Background The collapse of the Soviet Union resulted in large changes in the organisation of the health care in many newly independent countries belonging to the WHO European region. Unfortunately, STI management received a highly suboptimal attention. Accordingly, existing professional STI networks were disaggregated by country borders as well as differences in economic and political situations. Many became isolated by their own country and language barriers and financial limitations, and the evidence-based standards elaborated by “Western professional societies” were difficult to access, adhere to and, in general, discuss regarding their appropriateness for the EE countries.

Methods Establishment of the EE SRH; a professional network and bridge between the EE countries and Western European countries and expertise. Numerous of meetings, workshops and trainings to, using international evidence-based approaches, optimise and quality assure diagnosis, treatment and epidemiological surveillance of sexually transmitted and other genital tract infections, as part of the reproductive health disorders.

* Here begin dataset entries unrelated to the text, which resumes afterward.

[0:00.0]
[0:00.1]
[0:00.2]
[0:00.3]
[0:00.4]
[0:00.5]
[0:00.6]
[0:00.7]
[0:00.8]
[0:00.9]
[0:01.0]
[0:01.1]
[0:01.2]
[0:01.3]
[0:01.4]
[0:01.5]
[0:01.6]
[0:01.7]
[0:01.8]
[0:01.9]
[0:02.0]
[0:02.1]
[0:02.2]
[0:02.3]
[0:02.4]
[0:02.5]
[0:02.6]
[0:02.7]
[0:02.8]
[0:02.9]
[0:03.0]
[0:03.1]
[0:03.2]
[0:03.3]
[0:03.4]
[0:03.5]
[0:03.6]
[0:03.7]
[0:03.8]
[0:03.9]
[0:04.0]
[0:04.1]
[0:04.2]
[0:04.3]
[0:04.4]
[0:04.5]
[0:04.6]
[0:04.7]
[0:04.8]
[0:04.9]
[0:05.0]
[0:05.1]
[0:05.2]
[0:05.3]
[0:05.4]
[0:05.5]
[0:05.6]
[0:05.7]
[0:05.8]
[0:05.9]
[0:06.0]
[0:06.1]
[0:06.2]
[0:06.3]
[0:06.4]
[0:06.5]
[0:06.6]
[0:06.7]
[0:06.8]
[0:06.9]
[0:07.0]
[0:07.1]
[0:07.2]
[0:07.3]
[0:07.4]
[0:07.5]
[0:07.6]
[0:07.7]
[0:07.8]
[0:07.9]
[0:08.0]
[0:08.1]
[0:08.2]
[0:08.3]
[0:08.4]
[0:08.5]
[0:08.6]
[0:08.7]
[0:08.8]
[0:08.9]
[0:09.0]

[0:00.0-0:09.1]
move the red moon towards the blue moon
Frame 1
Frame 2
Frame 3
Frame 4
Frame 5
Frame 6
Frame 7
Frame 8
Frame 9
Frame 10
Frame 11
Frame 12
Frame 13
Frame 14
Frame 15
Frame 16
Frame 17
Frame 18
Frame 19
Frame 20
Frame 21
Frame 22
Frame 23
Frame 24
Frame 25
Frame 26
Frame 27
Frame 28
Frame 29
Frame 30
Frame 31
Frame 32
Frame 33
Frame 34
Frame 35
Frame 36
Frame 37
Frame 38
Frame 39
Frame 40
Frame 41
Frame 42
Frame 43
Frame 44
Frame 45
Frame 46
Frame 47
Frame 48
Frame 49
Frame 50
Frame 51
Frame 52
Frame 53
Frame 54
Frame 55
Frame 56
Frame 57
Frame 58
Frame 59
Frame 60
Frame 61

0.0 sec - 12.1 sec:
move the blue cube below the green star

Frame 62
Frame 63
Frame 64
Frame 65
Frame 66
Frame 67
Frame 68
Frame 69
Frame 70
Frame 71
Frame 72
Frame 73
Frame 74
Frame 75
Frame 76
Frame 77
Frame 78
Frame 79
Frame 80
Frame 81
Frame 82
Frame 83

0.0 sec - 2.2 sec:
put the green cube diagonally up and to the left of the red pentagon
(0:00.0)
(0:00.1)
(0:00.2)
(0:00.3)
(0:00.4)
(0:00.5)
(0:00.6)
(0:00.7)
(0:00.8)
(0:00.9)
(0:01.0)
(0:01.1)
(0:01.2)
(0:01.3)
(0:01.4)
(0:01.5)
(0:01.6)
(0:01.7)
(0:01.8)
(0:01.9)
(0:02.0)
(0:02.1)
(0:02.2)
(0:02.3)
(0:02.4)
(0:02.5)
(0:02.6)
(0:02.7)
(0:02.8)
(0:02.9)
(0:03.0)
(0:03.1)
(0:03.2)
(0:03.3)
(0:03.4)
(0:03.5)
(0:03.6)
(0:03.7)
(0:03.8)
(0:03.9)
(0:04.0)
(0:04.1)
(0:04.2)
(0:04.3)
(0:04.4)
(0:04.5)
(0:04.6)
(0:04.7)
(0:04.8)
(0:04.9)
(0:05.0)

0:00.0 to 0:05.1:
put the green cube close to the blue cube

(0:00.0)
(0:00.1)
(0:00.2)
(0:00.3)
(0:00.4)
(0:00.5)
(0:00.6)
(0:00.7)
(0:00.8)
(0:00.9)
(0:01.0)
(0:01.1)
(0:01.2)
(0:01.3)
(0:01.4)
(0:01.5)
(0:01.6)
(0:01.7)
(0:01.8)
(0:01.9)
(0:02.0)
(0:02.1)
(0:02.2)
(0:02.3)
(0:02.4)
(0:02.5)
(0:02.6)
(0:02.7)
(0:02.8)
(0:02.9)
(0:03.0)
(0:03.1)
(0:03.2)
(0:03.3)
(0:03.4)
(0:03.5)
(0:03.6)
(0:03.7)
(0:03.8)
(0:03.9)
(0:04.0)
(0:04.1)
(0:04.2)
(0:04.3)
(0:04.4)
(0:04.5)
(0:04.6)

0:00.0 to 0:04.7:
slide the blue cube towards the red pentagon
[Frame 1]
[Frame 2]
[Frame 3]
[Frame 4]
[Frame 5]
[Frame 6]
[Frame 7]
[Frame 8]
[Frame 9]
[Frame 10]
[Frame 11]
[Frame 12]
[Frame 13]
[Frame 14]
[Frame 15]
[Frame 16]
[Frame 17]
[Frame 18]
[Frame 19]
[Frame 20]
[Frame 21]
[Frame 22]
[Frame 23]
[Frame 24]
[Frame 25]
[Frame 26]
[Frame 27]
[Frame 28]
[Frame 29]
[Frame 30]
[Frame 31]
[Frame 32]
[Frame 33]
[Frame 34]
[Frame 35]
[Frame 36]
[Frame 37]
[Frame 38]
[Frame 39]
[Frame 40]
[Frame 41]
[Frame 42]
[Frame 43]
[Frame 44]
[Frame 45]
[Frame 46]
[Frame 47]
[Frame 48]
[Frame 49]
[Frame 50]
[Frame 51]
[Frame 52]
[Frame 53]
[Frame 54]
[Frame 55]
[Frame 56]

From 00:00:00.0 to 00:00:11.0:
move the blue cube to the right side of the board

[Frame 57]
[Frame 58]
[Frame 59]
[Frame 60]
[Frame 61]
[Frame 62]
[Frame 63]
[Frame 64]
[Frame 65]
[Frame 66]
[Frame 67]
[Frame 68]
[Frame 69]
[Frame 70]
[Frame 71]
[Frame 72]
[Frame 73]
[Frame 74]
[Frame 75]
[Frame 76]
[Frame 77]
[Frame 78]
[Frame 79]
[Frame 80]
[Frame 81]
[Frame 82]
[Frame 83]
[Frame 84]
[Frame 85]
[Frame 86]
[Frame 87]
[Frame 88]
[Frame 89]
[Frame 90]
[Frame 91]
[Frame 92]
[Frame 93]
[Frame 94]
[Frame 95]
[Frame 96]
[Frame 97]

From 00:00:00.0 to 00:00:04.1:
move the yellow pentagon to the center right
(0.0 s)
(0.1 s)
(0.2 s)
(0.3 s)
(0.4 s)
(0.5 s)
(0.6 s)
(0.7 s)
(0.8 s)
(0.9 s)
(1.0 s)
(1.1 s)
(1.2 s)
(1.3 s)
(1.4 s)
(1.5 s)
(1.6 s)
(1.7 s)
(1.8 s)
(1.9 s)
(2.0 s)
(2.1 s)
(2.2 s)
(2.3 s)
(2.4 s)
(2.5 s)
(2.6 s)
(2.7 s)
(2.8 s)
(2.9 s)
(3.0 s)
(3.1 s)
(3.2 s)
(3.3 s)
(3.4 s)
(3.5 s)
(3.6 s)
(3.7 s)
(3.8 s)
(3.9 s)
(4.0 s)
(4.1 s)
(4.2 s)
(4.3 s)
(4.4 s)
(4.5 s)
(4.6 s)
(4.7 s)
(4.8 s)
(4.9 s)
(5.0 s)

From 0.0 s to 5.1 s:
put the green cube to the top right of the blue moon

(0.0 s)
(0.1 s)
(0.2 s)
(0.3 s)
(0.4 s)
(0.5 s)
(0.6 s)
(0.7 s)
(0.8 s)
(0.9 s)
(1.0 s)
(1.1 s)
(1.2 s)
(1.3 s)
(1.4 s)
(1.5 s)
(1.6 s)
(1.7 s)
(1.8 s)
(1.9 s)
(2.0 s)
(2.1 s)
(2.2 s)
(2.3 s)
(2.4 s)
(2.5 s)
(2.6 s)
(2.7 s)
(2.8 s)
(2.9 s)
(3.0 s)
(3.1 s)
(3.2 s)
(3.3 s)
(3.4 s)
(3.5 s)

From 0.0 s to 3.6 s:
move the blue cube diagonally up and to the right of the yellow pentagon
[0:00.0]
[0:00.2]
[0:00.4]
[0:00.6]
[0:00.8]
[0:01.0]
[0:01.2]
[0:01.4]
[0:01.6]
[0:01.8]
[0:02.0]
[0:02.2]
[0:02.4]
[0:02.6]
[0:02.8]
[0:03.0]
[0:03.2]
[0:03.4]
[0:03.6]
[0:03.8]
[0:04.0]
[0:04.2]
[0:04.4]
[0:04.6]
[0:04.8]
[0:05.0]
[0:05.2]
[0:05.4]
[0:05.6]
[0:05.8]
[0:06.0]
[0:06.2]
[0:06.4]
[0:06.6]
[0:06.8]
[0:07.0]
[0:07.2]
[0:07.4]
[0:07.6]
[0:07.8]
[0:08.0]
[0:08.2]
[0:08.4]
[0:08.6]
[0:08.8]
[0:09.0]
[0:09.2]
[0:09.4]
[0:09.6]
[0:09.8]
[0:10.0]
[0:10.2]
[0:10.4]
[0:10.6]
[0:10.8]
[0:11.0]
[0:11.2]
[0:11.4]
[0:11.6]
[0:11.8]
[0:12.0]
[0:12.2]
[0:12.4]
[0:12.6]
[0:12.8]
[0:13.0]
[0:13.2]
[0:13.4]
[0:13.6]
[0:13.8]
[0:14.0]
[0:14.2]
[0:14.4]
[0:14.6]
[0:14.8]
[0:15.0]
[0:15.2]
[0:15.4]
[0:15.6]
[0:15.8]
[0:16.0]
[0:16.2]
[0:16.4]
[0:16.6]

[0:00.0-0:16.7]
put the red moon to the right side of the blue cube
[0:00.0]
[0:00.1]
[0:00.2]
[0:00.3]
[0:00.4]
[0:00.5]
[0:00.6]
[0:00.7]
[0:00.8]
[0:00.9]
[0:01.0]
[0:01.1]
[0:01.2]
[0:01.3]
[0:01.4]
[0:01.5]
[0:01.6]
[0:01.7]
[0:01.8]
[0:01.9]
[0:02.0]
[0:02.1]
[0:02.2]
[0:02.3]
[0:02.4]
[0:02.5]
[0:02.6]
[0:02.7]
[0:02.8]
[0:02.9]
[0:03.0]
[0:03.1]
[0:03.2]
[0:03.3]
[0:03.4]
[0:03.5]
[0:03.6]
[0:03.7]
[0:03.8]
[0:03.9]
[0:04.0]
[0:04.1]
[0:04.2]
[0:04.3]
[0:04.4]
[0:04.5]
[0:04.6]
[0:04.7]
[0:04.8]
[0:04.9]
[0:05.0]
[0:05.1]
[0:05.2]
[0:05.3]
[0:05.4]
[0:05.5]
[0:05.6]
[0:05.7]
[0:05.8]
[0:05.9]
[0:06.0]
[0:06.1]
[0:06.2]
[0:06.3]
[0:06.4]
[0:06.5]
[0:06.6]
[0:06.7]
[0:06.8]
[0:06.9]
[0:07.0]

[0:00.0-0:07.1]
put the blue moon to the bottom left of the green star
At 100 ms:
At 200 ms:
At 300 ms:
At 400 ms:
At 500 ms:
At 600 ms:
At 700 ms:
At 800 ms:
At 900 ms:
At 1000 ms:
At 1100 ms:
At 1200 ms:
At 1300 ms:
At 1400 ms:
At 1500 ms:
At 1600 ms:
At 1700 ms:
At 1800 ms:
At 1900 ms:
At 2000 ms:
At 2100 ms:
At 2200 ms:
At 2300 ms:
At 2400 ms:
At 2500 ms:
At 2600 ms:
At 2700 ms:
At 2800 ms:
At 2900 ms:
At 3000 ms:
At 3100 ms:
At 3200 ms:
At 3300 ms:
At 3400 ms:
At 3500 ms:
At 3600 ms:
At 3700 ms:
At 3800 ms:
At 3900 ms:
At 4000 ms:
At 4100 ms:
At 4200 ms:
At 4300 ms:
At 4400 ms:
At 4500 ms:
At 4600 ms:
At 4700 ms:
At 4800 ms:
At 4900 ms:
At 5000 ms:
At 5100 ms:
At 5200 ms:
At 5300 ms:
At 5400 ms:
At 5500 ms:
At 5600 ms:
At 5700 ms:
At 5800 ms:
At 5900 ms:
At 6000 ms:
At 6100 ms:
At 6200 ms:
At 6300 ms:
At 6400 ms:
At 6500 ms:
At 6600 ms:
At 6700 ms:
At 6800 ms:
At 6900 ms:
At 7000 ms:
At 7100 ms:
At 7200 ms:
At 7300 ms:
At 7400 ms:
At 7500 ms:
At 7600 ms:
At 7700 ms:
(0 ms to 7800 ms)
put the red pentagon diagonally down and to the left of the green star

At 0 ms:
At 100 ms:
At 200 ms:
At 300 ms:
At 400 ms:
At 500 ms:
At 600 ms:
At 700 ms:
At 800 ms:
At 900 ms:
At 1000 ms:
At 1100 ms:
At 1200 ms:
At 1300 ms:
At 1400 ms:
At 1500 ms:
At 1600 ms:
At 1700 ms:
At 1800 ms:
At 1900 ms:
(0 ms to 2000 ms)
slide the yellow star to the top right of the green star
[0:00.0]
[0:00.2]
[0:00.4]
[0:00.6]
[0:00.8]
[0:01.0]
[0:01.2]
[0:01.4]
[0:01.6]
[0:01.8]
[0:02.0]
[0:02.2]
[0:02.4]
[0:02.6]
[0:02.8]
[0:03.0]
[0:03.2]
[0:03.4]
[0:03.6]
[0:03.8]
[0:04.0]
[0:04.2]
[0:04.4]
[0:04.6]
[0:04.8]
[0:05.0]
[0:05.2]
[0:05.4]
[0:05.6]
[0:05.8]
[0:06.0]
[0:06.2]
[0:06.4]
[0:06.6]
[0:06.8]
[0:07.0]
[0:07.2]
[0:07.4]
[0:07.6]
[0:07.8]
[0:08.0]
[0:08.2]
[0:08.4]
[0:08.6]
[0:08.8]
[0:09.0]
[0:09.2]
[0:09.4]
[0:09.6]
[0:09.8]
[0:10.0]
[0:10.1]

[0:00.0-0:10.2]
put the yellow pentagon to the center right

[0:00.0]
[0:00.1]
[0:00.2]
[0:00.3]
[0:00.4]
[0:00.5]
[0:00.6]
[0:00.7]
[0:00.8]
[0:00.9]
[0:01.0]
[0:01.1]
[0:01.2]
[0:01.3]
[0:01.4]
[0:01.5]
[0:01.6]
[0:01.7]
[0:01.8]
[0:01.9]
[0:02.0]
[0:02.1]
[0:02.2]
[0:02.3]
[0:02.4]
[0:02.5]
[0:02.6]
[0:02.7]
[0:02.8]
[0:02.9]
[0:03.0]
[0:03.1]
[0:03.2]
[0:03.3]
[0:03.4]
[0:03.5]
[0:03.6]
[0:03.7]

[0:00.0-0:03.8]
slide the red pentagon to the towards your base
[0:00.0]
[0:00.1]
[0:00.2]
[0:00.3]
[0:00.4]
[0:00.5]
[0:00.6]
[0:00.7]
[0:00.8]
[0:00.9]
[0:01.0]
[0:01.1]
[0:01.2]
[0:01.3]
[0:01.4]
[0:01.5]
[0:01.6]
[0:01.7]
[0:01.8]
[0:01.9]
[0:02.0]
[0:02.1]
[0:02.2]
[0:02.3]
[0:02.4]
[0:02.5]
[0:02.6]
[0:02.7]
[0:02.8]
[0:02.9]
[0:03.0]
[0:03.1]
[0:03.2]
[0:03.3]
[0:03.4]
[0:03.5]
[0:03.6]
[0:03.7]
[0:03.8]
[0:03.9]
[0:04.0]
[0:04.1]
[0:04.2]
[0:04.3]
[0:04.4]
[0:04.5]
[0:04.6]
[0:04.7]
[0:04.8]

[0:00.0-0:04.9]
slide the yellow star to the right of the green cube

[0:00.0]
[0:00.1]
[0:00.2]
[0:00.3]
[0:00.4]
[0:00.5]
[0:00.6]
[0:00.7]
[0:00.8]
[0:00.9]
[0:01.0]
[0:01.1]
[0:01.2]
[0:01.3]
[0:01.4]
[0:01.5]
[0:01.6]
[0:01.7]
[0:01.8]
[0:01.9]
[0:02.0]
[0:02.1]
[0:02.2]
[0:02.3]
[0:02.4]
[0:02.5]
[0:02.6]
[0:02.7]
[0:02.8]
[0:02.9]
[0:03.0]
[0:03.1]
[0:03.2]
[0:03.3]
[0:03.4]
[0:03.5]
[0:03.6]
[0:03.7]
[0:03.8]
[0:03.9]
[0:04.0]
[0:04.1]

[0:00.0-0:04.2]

Results An international network of professionals in STI management was established in 2006 with participation of 15 EE countries. Using evidence-based international approaches, including those elaborated by the CDC, WHO, IUSTI and with the help of internationally acknowledged experts, consensus guidelines for the diagnosis of STIs have been elaborated and internationally published. Those guidelines have also been translated into the national languages and after adaptation published in the national languages and legalised as national STI diagnostic standards in many countries. Strict validation of locally-manufactured cost-effective diagnostic test systems has also been performed. Attempts to establish sustainable surveillance of antimicrobial resistance in gonococci in many of the EE countries is also ongoing.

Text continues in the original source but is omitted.